INFORMATION SHOWN:
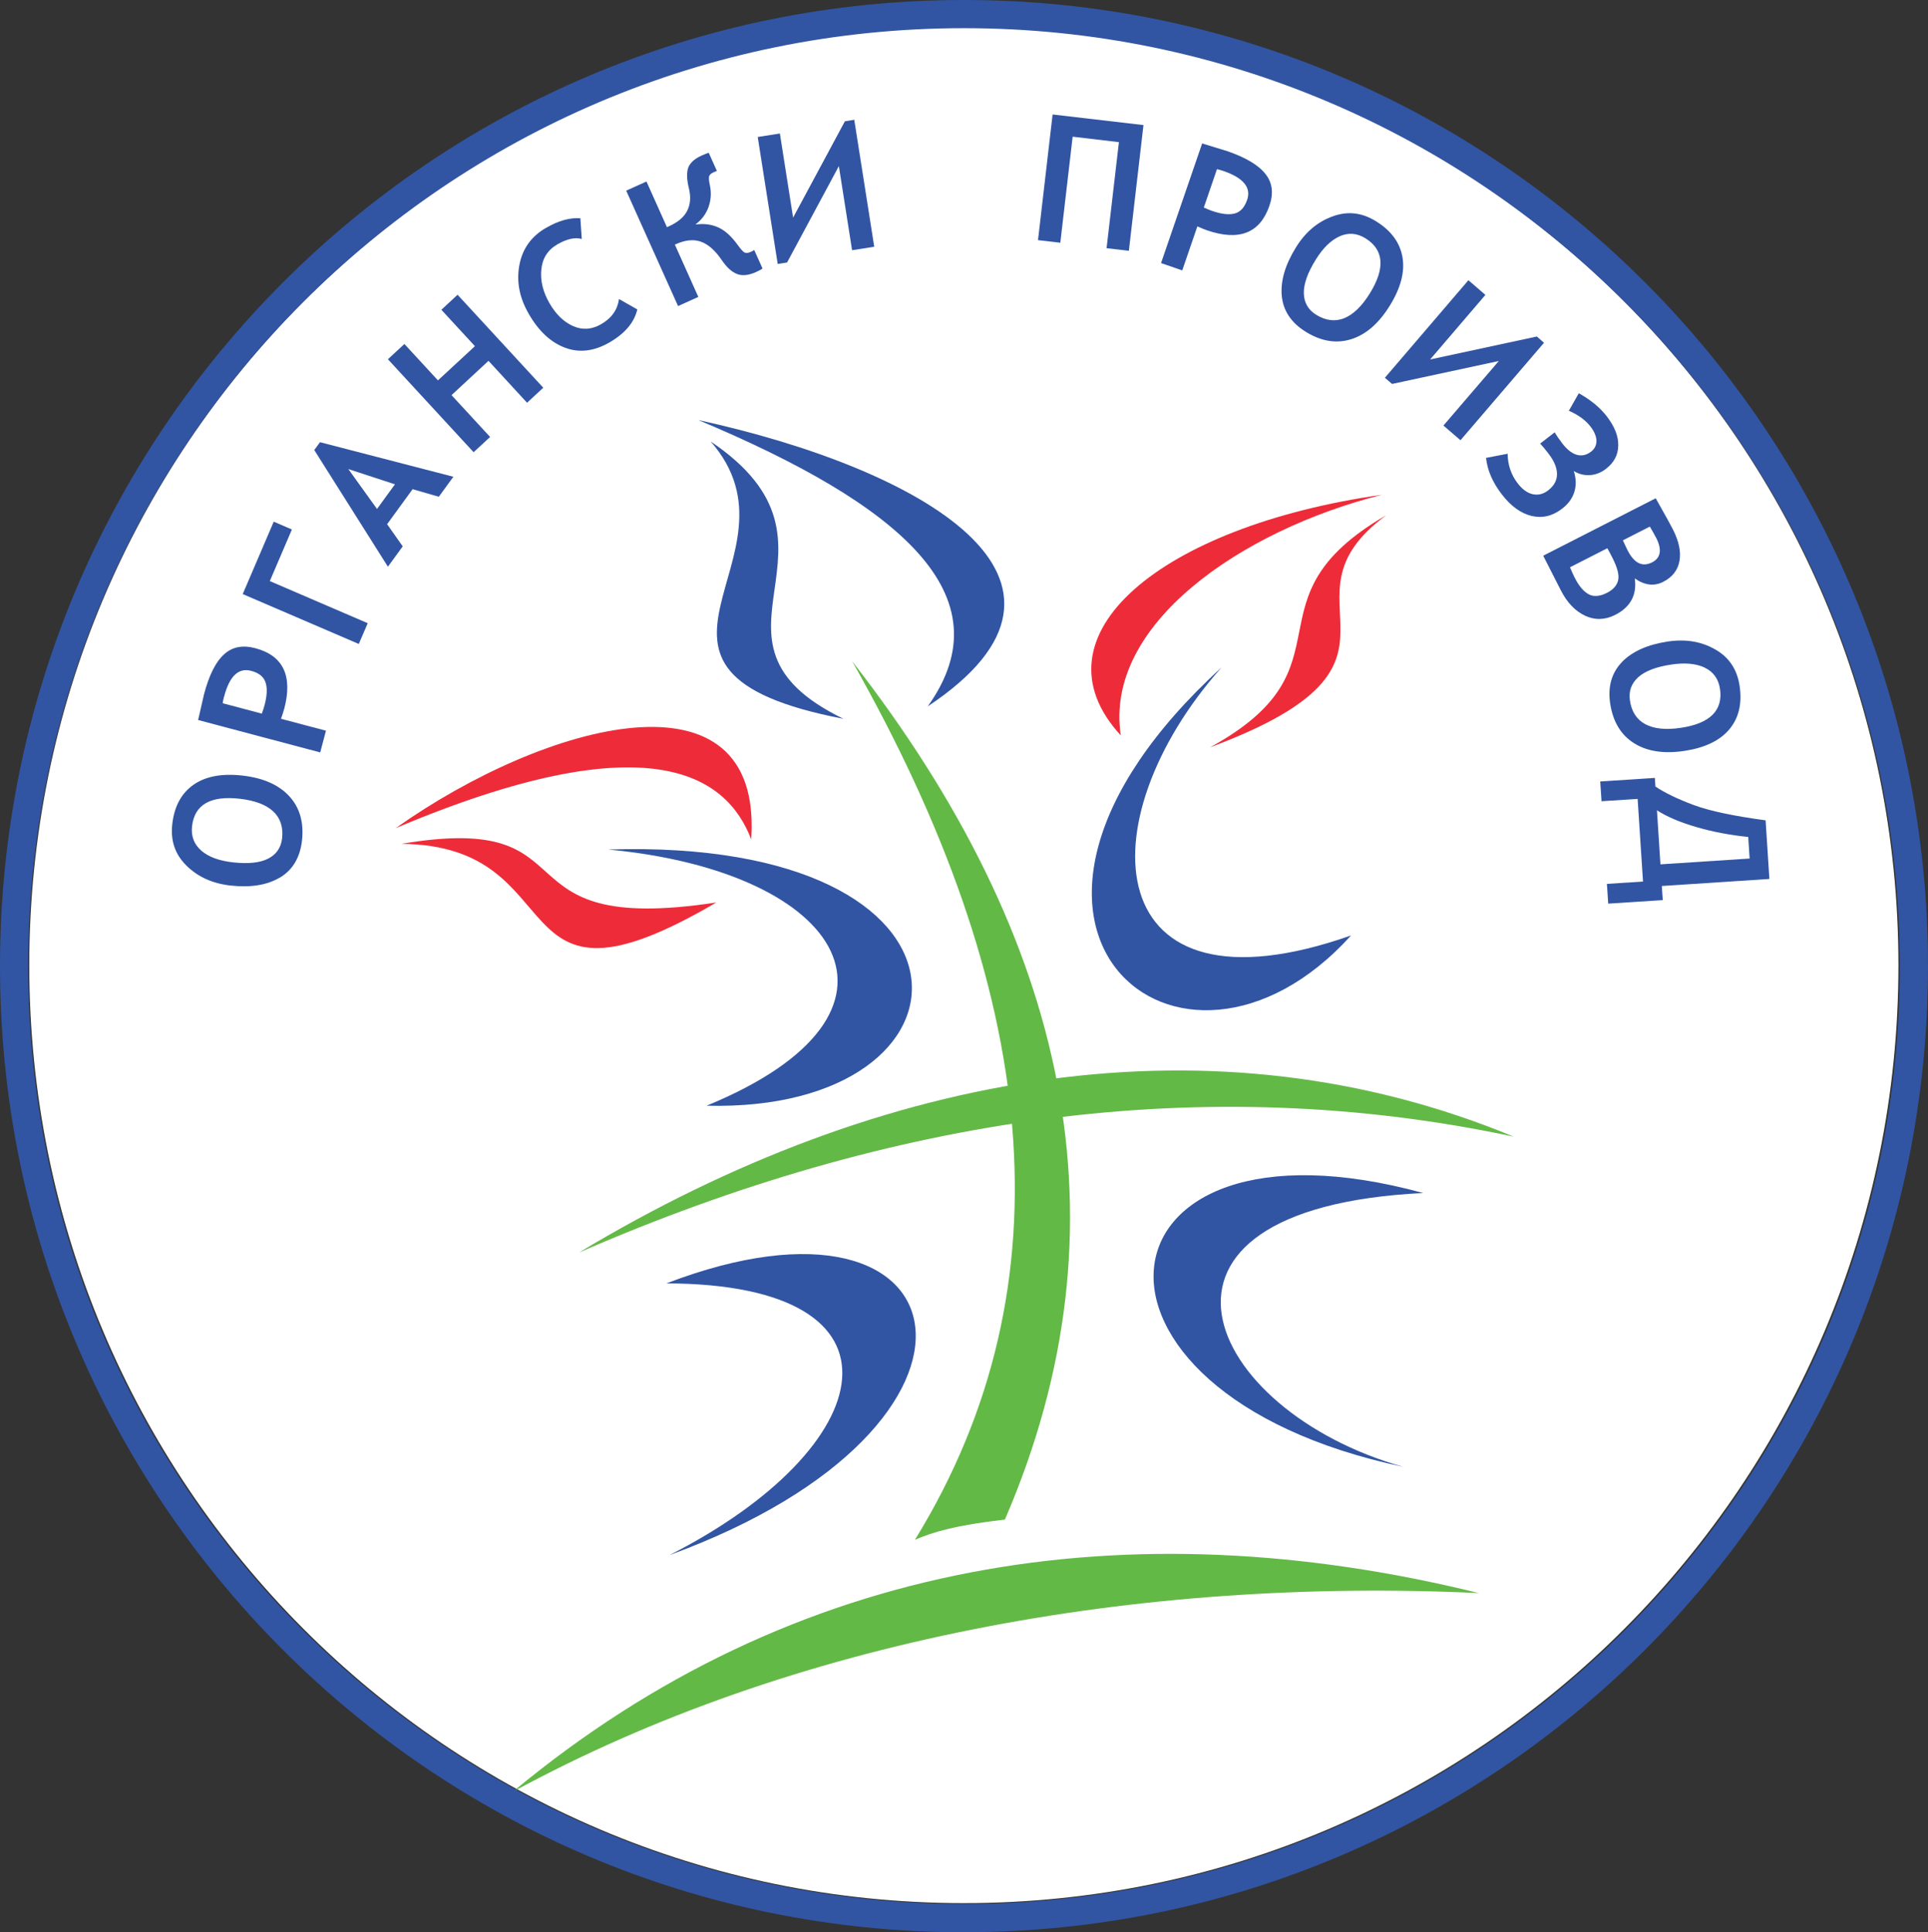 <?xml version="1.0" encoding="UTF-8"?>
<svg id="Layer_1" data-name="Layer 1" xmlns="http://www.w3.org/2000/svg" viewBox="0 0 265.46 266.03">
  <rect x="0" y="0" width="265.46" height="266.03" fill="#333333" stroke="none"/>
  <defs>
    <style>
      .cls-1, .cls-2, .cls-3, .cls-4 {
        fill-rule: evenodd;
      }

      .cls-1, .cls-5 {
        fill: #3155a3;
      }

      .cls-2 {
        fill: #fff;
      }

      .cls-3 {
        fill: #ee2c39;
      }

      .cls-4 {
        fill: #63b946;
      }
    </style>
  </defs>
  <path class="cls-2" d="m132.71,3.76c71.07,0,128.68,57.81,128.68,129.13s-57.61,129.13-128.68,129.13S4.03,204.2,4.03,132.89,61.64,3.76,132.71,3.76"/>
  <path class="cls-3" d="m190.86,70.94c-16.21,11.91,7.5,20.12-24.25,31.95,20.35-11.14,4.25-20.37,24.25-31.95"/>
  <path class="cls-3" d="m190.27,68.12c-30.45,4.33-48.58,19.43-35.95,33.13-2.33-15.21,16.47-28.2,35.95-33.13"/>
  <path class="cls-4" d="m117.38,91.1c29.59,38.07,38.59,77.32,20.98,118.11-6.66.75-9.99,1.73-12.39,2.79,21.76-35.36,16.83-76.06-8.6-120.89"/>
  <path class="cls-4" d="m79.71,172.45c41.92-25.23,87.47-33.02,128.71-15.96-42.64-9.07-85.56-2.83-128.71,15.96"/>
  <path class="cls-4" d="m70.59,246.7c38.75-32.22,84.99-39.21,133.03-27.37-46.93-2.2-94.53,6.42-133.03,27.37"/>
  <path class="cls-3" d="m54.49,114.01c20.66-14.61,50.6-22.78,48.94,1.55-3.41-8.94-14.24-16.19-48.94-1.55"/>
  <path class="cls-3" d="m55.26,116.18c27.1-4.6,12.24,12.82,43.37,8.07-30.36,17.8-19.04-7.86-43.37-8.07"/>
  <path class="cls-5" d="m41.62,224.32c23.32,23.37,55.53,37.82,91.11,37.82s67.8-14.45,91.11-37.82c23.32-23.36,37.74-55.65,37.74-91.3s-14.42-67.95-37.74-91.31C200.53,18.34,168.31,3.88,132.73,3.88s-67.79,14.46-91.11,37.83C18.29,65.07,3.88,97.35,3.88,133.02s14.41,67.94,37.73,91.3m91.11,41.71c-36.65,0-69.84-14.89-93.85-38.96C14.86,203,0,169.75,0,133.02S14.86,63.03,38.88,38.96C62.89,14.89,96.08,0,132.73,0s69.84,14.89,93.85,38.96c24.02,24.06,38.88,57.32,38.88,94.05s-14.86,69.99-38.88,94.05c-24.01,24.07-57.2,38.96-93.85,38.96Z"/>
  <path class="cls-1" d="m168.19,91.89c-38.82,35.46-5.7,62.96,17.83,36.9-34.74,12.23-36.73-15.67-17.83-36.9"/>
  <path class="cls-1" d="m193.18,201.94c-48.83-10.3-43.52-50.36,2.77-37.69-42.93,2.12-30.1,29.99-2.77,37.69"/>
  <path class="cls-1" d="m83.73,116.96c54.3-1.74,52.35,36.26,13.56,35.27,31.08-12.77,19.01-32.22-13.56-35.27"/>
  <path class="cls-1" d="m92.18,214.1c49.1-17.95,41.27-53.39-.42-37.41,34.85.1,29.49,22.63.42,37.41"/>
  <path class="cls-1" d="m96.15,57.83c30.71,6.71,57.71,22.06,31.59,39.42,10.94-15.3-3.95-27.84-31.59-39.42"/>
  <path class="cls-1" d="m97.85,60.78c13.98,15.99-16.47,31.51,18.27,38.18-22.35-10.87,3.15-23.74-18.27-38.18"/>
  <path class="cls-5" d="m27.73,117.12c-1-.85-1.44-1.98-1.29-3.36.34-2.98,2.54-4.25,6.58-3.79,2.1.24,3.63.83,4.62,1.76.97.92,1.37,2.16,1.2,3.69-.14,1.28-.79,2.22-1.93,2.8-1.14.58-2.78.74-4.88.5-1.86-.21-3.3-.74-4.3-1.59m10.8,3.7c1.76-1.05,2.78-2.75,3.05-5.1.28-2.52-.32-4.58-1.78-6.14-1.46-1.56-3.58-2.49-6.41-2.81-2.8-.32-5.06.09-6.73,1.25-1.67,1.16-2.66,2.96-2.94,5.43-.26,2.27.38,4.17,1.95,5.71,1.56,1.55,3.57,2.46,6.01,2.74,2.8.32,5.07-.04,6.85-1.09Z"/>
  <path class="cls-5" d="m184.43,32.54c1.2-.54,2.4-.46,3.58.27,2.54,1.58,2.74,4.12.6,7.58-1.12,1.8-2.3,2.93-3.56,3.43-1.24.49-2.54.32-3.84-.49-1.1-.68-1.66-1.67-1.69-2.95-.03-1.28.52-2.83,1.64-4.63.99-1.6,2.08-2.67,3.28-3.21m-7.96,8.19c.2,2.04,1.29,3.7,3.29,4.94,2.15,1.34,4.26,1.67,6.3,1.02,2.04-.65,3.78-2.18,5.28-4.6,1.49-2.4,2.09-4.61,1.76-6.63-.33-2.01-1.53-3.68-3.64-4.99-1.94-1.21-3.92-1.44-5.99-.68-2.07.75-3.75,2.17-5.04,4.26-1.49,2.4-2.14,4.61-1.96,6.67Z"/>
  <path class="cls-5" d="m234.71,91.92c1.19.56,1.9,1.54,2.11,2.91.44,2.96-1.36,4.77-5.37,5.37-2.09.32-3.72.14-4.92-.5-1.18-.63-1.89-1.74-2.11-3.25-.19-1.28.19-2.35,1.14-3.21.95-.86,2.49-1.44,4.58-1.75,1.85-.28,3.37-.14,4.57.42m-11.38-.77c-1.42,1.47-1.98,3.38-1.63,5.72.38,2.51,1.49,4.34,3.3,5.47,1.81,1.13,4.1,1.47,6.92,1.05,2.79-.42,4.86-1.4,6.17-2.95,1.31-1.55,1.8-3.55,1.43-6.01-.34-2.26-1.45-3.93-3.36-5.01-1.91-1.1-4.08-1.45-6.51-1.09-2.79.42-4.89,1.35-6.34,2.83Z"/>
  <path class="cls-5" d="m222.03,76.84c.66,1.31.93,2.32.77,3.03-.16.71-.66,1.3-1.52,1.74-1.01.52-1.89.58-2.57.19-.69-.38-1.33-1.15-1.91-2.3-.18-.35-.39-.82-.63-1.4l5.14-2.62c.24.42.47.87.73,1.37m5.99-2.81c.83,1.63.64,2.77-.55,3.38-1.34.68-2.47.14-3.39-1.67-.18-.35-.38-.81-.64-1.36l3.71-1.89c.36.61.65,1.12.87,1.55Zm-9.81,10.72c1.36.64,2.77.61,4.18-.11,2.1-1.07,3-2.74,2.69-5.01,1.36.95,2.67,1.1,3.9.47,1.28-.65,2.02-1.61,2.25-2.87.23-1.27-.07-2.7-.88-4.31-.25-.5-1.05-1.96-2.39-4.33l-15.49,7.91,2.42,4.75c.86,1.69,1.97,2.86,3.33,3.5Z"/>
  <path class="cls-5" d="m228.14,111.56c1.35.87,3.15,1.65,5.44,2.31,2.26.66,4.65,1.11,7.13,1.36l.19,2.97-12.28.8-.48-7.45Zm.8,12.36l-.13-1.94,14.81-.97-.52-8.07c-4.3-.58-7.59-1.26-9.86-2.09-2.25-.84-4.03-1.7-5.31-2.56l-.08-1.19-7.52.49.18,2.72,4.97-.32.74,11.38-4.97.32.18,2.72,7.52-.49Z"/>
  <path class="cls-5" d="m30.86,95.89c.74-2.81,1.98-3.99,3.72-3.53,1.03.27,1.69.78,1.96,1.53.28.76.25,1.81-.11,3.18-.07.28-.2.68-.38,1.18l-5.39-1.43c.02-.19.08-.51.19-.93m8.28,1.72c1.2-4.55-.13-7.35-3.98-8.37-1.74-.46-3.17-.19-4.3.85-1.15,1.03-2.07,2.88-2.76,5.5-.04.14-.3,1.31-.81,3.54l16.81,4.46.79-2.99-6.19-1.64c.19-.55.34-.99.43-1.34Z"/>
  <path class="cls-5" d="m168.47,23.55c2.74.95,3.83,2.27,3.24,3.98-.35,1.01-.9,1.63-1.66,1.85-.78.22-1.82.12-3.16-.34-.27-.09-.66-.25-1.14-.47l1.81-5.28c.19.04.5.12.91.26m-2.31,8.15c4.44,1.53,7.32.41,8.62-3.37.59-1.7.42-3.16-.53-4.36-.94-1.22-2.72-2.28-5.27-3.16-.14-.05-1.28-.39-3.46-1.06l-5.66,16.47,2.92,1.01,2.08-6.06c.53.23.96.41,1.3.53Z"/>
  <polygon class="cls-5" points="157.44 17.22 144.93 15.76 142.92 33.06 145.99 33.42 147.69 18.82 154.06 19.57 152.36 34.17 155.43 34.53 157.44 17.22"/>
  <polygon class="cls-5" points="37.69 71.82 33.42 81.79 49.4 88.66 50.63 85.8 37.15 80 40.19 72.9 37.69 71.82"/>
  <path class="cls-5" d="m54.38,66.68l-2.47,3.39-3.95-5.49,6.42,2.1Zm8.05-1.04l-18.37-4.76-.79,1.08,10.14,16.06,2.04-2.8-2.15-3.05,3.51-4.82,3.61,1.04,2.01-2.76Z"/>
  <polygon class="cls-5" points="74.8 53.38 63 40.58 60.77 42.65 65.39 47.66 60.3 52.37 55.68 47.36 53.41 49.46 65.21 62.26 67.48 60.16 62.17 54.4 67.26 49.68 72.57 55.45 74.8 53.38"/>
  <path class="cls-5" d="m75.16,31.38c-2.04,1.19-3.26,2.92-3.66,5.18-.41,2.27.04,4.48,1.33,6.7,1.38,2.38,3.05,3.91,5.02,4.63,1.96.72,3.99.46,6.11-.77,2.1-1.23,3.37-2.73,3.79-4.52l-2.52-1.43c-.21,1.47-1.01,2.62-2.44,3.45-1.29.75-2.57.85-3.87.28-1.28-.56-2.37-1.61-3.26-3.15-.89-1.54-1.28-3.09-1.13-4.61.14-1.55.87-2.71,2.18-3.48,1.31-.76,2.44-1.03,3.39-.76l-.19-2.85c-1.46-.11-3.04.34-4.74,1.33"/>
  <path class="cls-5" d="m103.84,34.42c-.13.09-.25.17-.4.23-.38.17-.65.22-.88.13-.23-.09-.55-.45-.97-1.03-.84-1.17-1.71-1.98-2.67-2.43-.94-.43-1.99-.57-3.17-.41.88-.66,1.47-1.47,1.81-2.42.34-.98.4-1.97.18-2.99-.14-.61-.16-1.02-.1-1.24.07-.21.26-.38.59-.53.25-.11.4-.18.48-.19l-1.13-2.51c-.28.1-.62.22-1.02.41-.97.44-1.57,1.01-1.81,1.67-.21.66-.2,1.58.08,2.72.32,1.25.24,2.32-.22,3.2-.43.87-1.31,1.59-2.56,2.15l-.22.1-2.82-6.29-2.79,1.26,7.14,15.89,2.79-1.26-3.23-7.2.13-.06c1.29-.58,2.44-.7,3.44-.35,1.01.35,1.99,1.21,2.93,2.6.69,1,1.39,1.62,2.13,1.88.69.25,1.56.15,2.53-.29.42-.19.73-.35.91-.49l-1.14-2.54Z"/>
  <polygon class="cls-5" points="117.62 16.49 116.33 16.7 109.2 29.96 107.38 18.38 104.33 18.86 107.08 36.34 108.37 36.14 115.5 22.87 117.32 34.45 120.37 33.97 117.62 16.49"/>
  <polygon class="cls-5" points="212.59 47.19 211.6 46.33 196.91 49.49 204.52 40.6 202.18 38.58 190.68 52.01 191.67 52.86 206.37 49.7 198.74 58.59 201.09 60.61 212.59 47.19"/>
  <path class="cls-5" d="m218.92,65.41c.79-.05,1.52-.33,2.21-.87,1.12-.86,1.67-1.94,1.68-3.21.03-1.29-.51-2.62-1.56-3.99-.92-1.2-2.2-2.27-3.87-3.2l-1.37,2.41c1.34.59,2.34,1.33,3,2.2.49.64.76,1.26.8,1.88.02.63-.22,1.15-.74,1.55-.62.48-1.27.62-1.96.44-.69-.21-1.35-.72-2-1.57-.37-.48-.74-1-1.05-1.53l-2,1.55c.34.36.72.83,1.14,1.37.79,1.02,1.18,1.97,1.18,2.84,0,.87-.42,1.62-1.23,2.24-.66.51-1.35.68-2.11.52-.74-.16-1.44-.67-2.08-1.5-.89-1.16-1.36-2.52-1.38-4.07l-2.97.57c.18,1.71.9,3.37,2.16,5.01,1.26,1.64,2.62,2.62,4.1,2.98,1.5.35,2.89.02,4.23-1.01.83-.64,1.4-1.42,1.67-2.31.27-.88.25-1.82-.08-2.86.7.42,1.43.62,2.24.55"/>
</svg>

TASK DIRECTIONS: Look above for the line containing "71.82 33.42 81.79". Output from there through the line containing "16.49 116.33 16.7", exactly and inclusively.

WRITTEN ANSWER:
  <polygon class="cls-5" points="37.69 71.82 33.42 81.79 49.4 88.66 50.63 85.8 37.15 80 40.19 72.9 37.69 71.82"/>
  <path class="cls-5" d="m54.38,66.68l-2.47,3.39-3.95-5.49,6.42,2.1Zm8.05-1.04l-18.37-4.76-.79,1.08,10.14,16.06,2.04-2.8-2.15-3.05,3.51-4.82,3.61,1.04,2.01-2.76Z"/>
  <polygon class="cls-5" points="74.8 53.38 63 40.58 60.77 42.65 65.39 47.66 60.3 52.37 55.68 47.36 53.41 49.46 65.21 62.26 67.48 60.16 62.17 54.4 67.26 49.68 72.57 55.45 74.8 53.38"/>
  <path class="cls-5" d="m75.16,31.38c-2.04,1.19-3.26,2.92-3.66,5.18-.41,2.27.04,4.48,1.33,6.7,1.38,2.38,3.05,3.91,5.02,4.63,1.96.72,3.99.46,6.11-.77,2.1-1.23,3.37-2.73,3.79-4.52l-2.52-1.43c-.21,1.47-1.01,2.62-2.44,3.45-1.29.75-2.57.85-3.87.28-1.28-.56-2.37-1.61-3.26-3.15-.89-1.54-1.28-3.09-1.13-4.61.14-1.55.87-2.71,2.18-3.48,1.31-.76,2.44-1.03,3.39-.76l-.19-2.85c-1.46-.11-3.04.34-4.74,1.33"/>
  <path class="cls-5" d="m103.84,34.42c-.13.09-.25.17-.4.23-.38.17-.65.22-.88.13-.23-.09-.55-.45-.97-1.03-.84-1.17-1.71-1.98-2.67-2.43-.94-.43-1.99-.57-3.17-.41.88-.66,1.47-1.47,1.81-2.42.34-.98.4-1.97.18-2.99-.14-.61-.16-1.02-.1-1.24.07-.21.26-.38.59-.53.25-.11.4-.18.48-.19l-1.13-2.51c-.28.1-.62.22-1.02.41-.97.44-1.57,1.01-1.81,1.67-.21.66-.2,1.58.08,2.72.32,1.25.24,2.32-.22,3.2-.43.87-1.31,1.59-2.56,2.15l-.22.1-2.82-6.29-2.79,1.26,7.14,15.89,2.79-1.26-3.23-7.2.13-.06c1.29-.58,2.44-.7,3.44-.35,1.01.35,1.99,1.21,2.93,2.6.69,1,1.39,1.62,2.13,1.88.69.25,1.56.15,2.53-.29.42-.19.73-.35.91-.49l-1.14-2.54Z"/>
  <polygon class="cls-5" points="117.62 16.49 116.33 16.7 109.2 29.96 107.38 18.38 104.33 18.86 107.08 36.34 108.37 36.14 115.5 22.87 117.32 34.45 120.37 33.97 117.62 16.49"/>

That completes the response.